Вы меня, помните, Николай Сергеич? — послали как-то на Зинчинский комбинат, на наладку? Ну, приехал. Зинчино это — деревня-деревней, село. Зима, в снегу все утопло. Тоска, березки да плетни. А считается районный центр. Где жить? В Дом колхозника пришел — там холод, под потолком аж туманом стоит. А, думаю, сниму у какой бабки. Нашел. Избушка в две комнатки. Как войдешь из сеней — кухонька с печкой напротив, а по сторонам, вправо и влево — по двери. Бабка говорит: «Будешь в одной комнате со мной ночевать? В той у меня молодая учителка школьная живет». Ну, чего ржете? Дальше слушайте.
Хожу, значит, на комбинат этак с неделю уже. Вечерами никуда не денешься, сразу домой иду. Скидываю я в этой самой не то кухоньке, не то прихожей пальто, и получается так, что и другая квартирантка — учительница со второй смены прибегает. «Здрасьте» — «здрасьте», то да се… Мордашка миленькая, фигурка под свитерочком — поглядеть можно, в общем, в порядке девочка, и не дурочка, это точно. Ну, сами понимаете, как бывает: «У вас чайник?» — «Ах, простите! Пожалуйста!» — «Что же вы без заварки, один кипяток? Я вам сейчас своей принесу!» У меня московская колбаска, а ей кто-то из школьных родительниц шанежки принес. Бабка там себе дышит под образами, мы тихонько за столом чаек, значит, попиваем.
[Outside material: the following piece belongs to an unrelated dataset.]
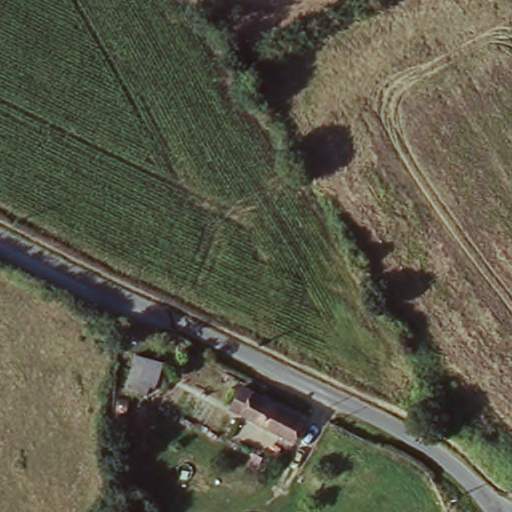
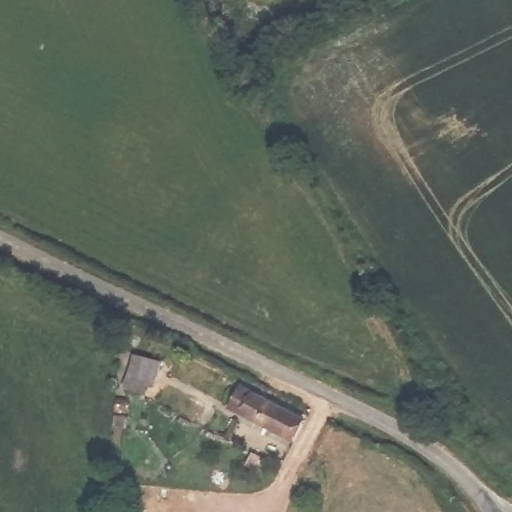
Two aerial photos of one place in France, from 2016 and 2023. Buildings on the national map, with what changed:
unchanged [(151,355),(140,376),(150,383),(144,395),(119,384),(138,348),(151,355)]
unchanged [(235,415),(246,394),(300,423),(288,442),(235,415)]

Потом, понятно, вопросы — кто, что, как время проводите, книжки какие читаете? А у меня книжонки на английском на стуле лежат возле койки. «Ах, говорит, на инглиш! Я совсем уже забыла язык, только и повторяю, что в школьных учебниках. А это что у вас? „Дзе прайс лист“ — что это такое?» А мне перед самым отъездом достали прейскурант европейских денег девятнадцатого века. «Это, говорю, всякая нумизматика и бонистика, вам неинтересно». Она хмыкнула, полистала и положила на стул.